JOHANN SEBASTIAN BACH (1685 – 1750) – Mass in B Minor, BWV 232: S. Hamilton, C. Osmond, M. Oitzinger, T. Hobbs, M. Brook; Dunedin Consort & Players; John Butt [recorded at Greyfriars Kirk, Edinburgh, Scotland, on 13 – 17 September 2009; Linn Records CDK354]
Lest matters of scholarship and disparate editions of the score distract from the merits of the performance at hand, it must be stated at the start that this new recording from Dunedin Consort and Players presents a superb performance of Bach’s monumental B-minor Mass. As in their prior releases of works by Bach (Matthäus-Passion) and Händel (Acis and Galatea, Messiah), Linn Records have provided top-of-the-line sound, preserving careful balances among singers and players but also granting space within the Greyfriars Kirk acoustic for tonal expansion without troublesome echoes. This is a performance that, examined solely on the grounds of the quality of music-making, is competitive with the best recordings of the B-minor Mass in the discography. The soloists—sopranos Susan Hamilton and Cecilia Osmond, mezzo-soprano Margot Oitzinger, tenor Thomas Hobbs, and bass Matthew Brook—are a splendid lot, perhaps less inclined to seem individually triumphant because the overall level of their singing is uniformly high. The timbres of Ms. Hamilton and Ms. Osmond are sufficiently contrasted to lend distinction to each voice when the ladies are singing in duet, and both Ms.

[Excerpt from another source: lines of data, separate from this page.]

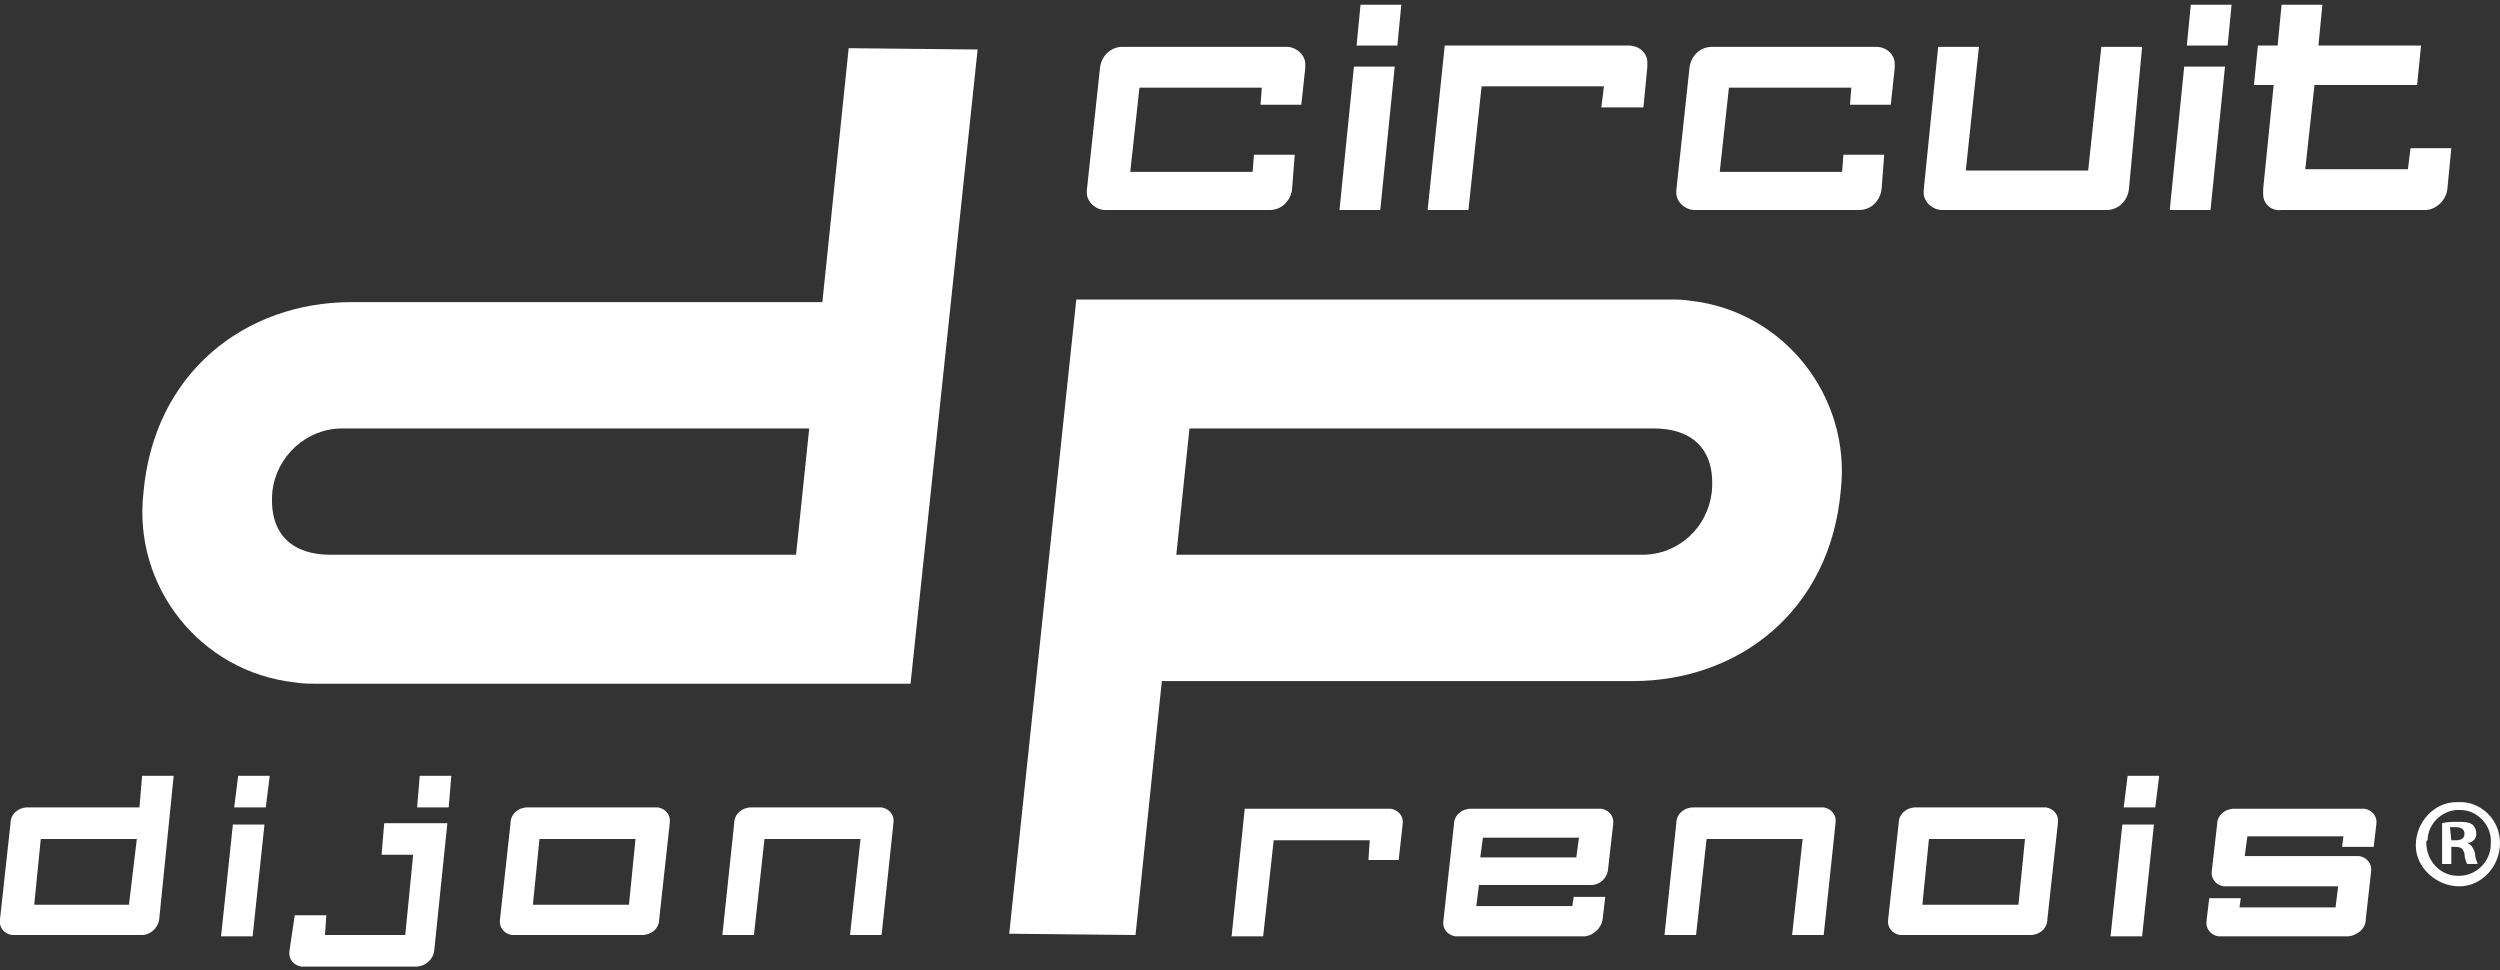 <svg width="250" height="97" viewBox="0 0 250 97" fill="none" xmlns="http://www.w3.org/2000/svg">
<rect x="0" y="0" width="250" height="97" fill="#333333" stroke="none"/>
<g id="Calque_1" clip-path="url(#clip0_2189_1870)">
<path id="Trac&#195;&#169;_367" d="M84.868 4.818L82.237 30.213H35.132C24.605 30.213 15.395 37.187 14.342 49.292C13.289 58.634 20 67.186 29.474 68.239C30.263 68.371 30.921 68.371 31.71 68.371H91.053L97.763 4.95L84.868 4.818ZM80.921 42.844L79.605 55.476H33.026C29.474 55.476 26.842 53.634 27.237 49.16C27.631 45.608 30.658 42.844 34.211 42.844H80.921Z" fill="white"/>
<path id="Trac&#195;&#169;_368" d="M113.552 93.502L116.184 68.108H163.289C173.816 68.108 183.026 61.134 184.079 49.029C185.131 39.687 178.421 31.134 169.079 30.081C168.289 29.95 167.631 29.95 166.842 29.95H107.631L100.921 93.371L113.552 93.502ZM117.631 55.476L118.947 42.844H165.395C168.947 42.844 171.579 44.687 171.184 49.16C170.789 52.713 167.895 55.476 164.21 55.476H117.631Z" fill="white"/>
<path id="Trac&#195;&#169;_369" d="M15.921 91.923L17.369 77.581H14.211L13.947 80.739H2.763C1.842 80.739 1.053 81.397 1.053 82.318L0 91.923C-0.131 92.713 0.395 93.371 1.184 93.502C1.316 93.502 1.316 93.502 1.448 93.502H14.211C15 93.502 15.79 92.844 15.921 91.923ZM12.895 90.476H3.421L4.079 83.897H13.684L12.895 90.476ZM26.974 77.581H23.816L23.421 80.739H26.579L26.974 77.581ZM26.448 82.45H23.29L22.105 93.634H25.263L26.448 82.45ZM45.132 77.581H41.974L41.711 80.739H44.869L45.132 77.581ZM43.421 95.081L44.737 82.318H38.421L38.158 85.476H41.316L40.526 93.502H32.5L32.632 91.529H29.474L28.948 95.081C28.816 95.871 29.342 96.529 30.132 96.66C30.263 96.66 30.263 96.66 30.395 96.66H41.579C42.5 96.66 43.29 96.002 43.421 95.081ZM65.921 91.923L66.974 82.318C67.105 81.529 66.579 80.871 65.79 80.739C65.658 80.739 65.658 80.739 65.526 80.739H52.763C51.842 80.739 51.053 81.397 51.053 82.318L50 91.923C49.869 92.713 50.395 93.371 51.184 93.502C51.316 93.502 51.316 93.502 51.447 93.502H64.211C65.132 93.502 65.921 92.844 65.921 91.923ZM62.895 90.476H53.29L53.947 83.897H63.553L62.895 90.476ZM88.158 93.502L89.342 82.318C89.474 81.529 88.948 80.871 88.158 80.739C88.026 80.739 88.026 80.739 87.895 80.739H75.132C74.211 80.739 73.421 81.397 73.421 82.318L72.237 93.502H75.395L76.448 83.897H86.053L85 93.502H88.158ZM139.869 86.002L140.263 82.45C140.395 81.66 139.869 81.002 139.079 80.871C138.947 80.871 138.816 80.871 138.816 80.871H124.474L123.158 93.634H126.316L127.369 84.029H136.974L136.842 86.002H139.869ZM160.263 91.923L160.526 89.687H157.369L157.237 90.608H147.632L147.895 88.502H159.079C160 88.502 160.658 87.844 160.79 87.055L161.316 82.45C161.447 81.66 160.921 81.002 160.132 80.871C160 80.871 160 80.871 159.869 80.871H147.105C146.184 80.871 145.395 81.529 145.395 82.45L144.342 92.055C144.211 92.844 144.737 93.502 145.526 93.634C145.658 93.634 145.658 93.634 145.79 93.634H158.553C159.342 93.502 160.132 92.844 160.263 91.923ZM157.632 85.739H148.026L148.29 83.766H157.895L157.632 85.739ZM182.369 93.502L183.553 82.318C183.684 81.529 183.158 80.871 182.369 80.739C182.237 80.739 182.237 80.739 182.105 80.739H169.342C168.421 80.739 167.632 81.397 167.632 82.318L166.447 93.502H169.605L170.658 83.897H180.263L179.211 93.502H182.369ZM204.737 91.923L205.79 82.318C205.921 81.529 205.395 80.871 204.605 80.739C204.474 80.739 204.474 80.739 204.342 80.739H191.579C190.658 80.739 189.869 81.397 189.869 82.318L188.816 91.923C188.684 92.713 189.211 93.371 190 93.502C190.132 93.502 190.132 93.502 190.263 93.502H203.026C203.948 93.502 204.737 92.844 204.737 91.923ZM201.842 90.476H192.237L192.895 83.897H202.5L201.842 90.476ZM215.921 77.581H212.763L212.369 80.739H215.526L215.921 77.581ZM215.395 82.45H212.237L211.053 93.634H214.211L215.395 82.45ZM236.579 91.923L237.105 87.187C237.237 86.397 236.711 85.739 235.921 85.608C235.79 85.608 235.79 85.608 235.658 85.608H224.474L224.737 83.634H234.342L234.211 84.687H237.369L237.632 82.45C237.763 81.66 237.237 81.002 236.447 80.871C236.316 80.871 236.316 80.871 236.184 80.871H223.421C222.5 80.871 221.711 81.529 221.711 82.45L221.184 87.055C221.053 87.844 221.579 88.502 222.369 88.634C222.5 88.634 222.5 88.634 222.632 88.634H233.816L233.553 90.739H223.947L224.079 89.818H220.921L220.658 92.055C220.526 92.844 221.053 93.502 221.842 93.634C221.974 93.634 221.974 93.634 222.105 93.634H234.869C235.79 93.502 236.579 92.844 236.579 91.923Z" fill="white"/>
<path id="Trac&#195;&#169;_370" d="M126.974 21.002H110.526C109.605 21.002 108.684 20.213 108.684 19.292C108.684 19.16 108.684 19.029 108.684 19.029L110 6.792C110.131 5.608 111.053 4.687 112.237 4.687H128.684C129.605 4.687 130.526 5.476 130.526 6.397C130.526 6.529 130.526 6.66 130.526 6.792L130.131 10.476H126.053L126.184 8.765H113.947L113.026 17.186H125.263L125.395 15.476H129.474L129.21 18.897C129.079 20.081 128.158 21.002 126.974 21.002Z" fill="white"/>
<path id="Trac&#195;&#169;_371" d="M185.921 21.002H169.473C168.552 21.002 167.631 20.213 167.631 19.292C167.631 19.16 167.631 19.029 167.631 19.029L168.947 6.792C169.079 5.608 170 4.687 171.184 4.687H187.631C188.684 4.687 189.473 5.476 189.473 6.397C189.473 6.529 189.473 6.66 189.473 6.792L189.079 10.476H185L185.131 8.765H172.894L171.973 17.186H184.21L184.342 15.476H188.421L188.158 18.897C188.026 20.081 187.105 21.002 185.921 21.002Z" fill="white"/>
<path id="Trac&#195;&#169;_372" d="M135.658 4.555L136.053 0.476H140.131L139.737 4.555H135.658ZM133.947 21.002L135.395 6.66H139.474L138.026 21.002H133.947Z" fill="white"/>
<path id="Trac&#195;&#169;_373" d="M160.132 10.739L160.395 8.634H148.158L146.842 21.002H142.763L144.474 4.555H162.895C163.816 4.555 164.737 5.213 164.737 6.265C164.737 6.397 164.737 6.529 164.737 6.66L164.342 10.739H160.132Z" fill="white"/>
<path id="Trac&#195;&#169;_374" d="M210.658 21.002H194.211C193.29 21.002 192.369 20.213 192.369 19.292C192.369 19.16 192.369 19.029 192.369 19.029L193.816 4.687H197.895L196.579 17.055H208.816L210.132 4.687H214.211L212.895 18.897C212.763 20.081 211.842 21.002 210.658 21.002Z" fill="white"/>
<path id="Trac&#195;&#169;_375" d="M218.684 4.555L219.079 0.476H223.158L222.763 4.555H218.684ZM216.974 21.002L218.421 6.66H222.5L221.053 21.002H216.974Z" fill="white"/>
<path id="Trac&#195;&#169;_376" d="M242.5 21.002H228.158C227.237 21.134 226.316 20.476 226.316 19.423C226.316 19.292 226.316 19.029 226.316 18.897L227.368 8.502H225.395L225.789 4.555H227.763L228.158 0.476H232.237L231.842 4.555H242.105L241.71 8.502H231.447L230.526 16.923H240.789L241.052 14.818H245.131L244.737 18.897C244.605 20.081 243.552 21.002 242.5 21.002Z" fill="white"/>
<path id="Trac&#195;&#169;_377" d="M250 84.292C250 86.66 248.158 88.634 245.921 88.634C243.684 88.634 241.579 86.792 241.579 84.555C241.579 82.186 243.421 80.213 245.658 80.213H245.79C248.026 80.081 250 81.923 250 84.292C250 84.16 250 84.16 250 84.292ZM242.632 84.292C242.632 86.002 243.948 87.581 245.79 87.581H245.921C247.632 87.581 249.079 86.134 249.079 84.423V84.292C249.211 82.581 247.763 81.002 246.053 81.002C244.342 80.871 242.763 82.318 242.763 84.028C242.632 84.028 242.632 84.16 242.632 84.292ZM245.132 86.397H244.211V82.318C244.737 82.186 245.263 82.186 245.79 82.186C246.316 82.186 246.842 82.186 247.237 82.45C247.5 82.713 247.632 82.976 247.632 83.371C247.632 83.897 247.237 84.292 246.711 84.292C247.105 84.423 247.369 84.818 247.5 85.344C247.5 85.739 247.632 86.002 247.763 86.397H246.711C246.579 86.134 246.448 85.739 246.448 85.344C246.316 84.95 246.184 84.686 245.526 84.686H245.132V86.397ZM245.132 84.028H245.526C246.053 84.028 246.448 83.897 246.448 83.371C246.448 82.976 246.184 82.713 245.526 82.713C245.395 82.713 245.132 82.713 245 82.713L245.132 84.028Z" fill="white"/>
</g>
<defs>
<clipPath id="clip0_2189_1870">
<rect width="250" height="96.242" fill="white" transform="translate(0 0.447)"/>
</clipPath>
</defs>
</svg>

Oitzinger and Mr. Brook bring firm tone and great involvement to their singing: Mr. Brook gives a particularly fine account of the spirited ‘Quoniam tu solus sanctus.’ Especially deserving of praise, however, is tenor Thomas Hobbs, a fine young singer whose naturally beautiful, fresh voice—Evangelical, one might deem it in the context of the vocal music of Bach—is complemented by a technique that encompasses all the demands made by Bach’s music. Maestro Butt and the Dunedin Consort and Players bring to the performance their usual precision and zeal, which is to say that one has the sense of being on the leading edge of historically-informed performance practices, as it were, but also that those numbers in the Mass which require unhurried grandeur receive it. Musically, this performance is on the best possible footing, and this recording joins Dunedin Consort’s other Bach and Händel performances in the Linn Records catalogue as another of demonstration quality in terms of both musical integrity and sonic reproduction.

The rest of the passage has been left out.